What the task requires –
Only the lines from the one containing "Q: Monospaced? A: No." through the end of the data below are to be repeated, exactly as given, without pictures.

───── Data shown ─────

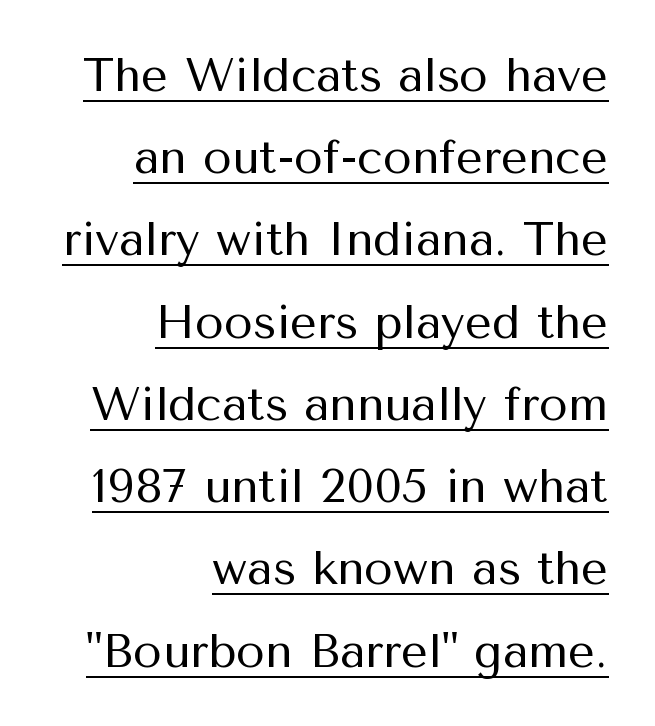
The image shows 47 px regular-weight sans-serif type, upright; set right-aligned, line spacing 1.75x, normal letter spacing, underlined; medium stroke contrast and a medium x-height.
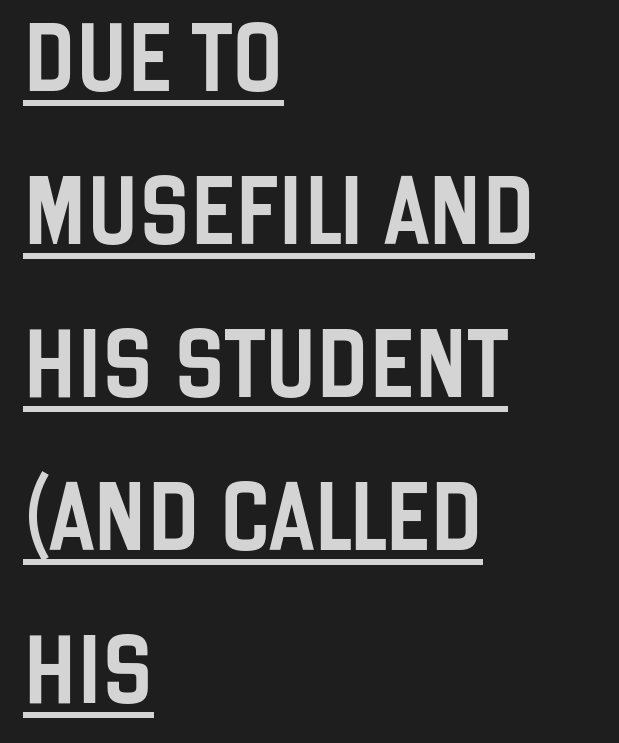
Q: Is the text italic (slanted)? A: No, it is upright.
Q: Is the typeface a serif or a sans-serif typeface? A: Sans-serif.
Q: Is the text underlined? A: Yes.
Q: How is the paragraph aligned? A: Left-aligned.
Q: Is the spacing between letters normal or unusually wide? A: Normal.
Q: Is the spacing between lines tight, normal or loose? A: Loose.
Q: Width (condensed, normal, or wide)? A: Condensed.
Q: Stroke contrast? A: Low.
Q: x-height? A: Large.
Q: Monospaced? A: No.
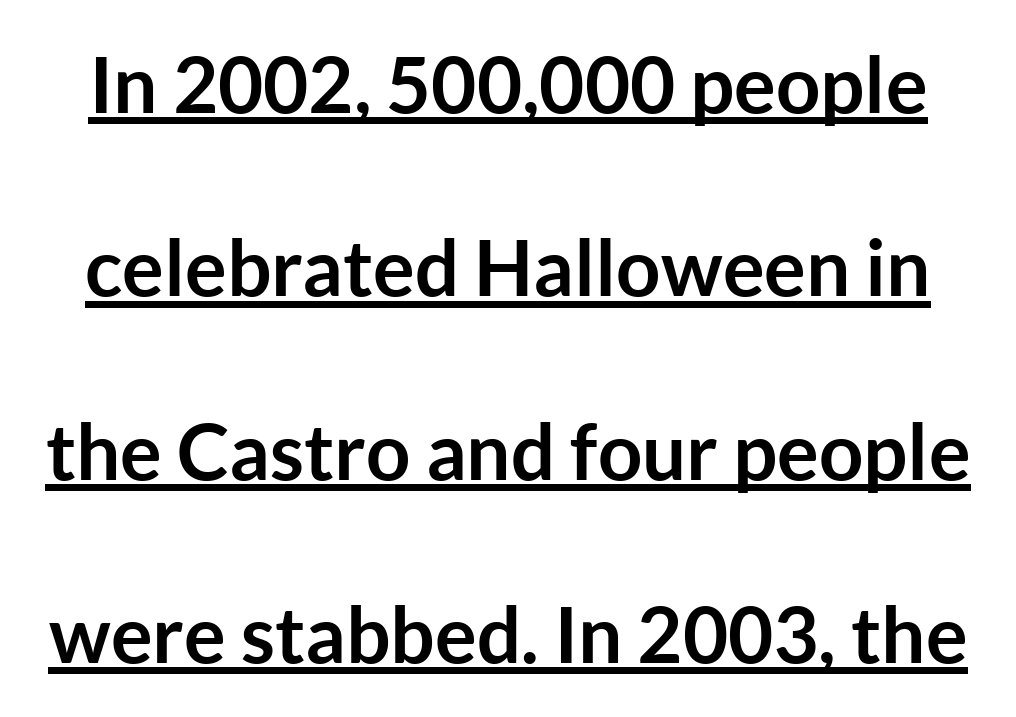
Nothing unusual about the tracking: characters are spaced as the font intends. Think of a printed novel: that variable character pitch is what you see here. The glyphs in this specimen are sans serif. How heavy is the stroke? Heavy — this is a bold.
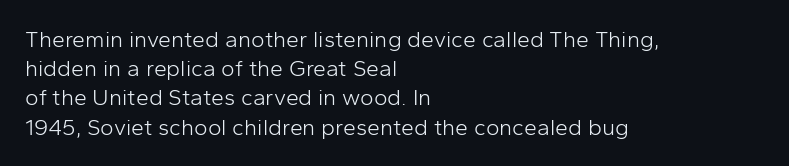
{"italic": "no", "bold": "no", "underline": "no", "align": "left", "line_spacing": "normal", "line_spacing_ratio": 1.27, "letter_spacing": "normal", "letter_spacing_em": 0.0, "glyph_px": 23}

─────

Result –
Q: Monospaced? A: No.
Nothing unusual about the tracking: characters are spaced as the font intends. Think of a printed novel: that variable character pitch is what you see here. The glyphs in this specimen are sans serif. How heavy is the stroke? Heavy — this is a bold.
{"italic": "no", "bold": "no", "underline": "no", "align": "left", "line_spacing": "normal", "line_spacing_ratio": 1.27, "letter_spacing": "normal", "letter_spacing_em": 0.0, "glyph_px": 23}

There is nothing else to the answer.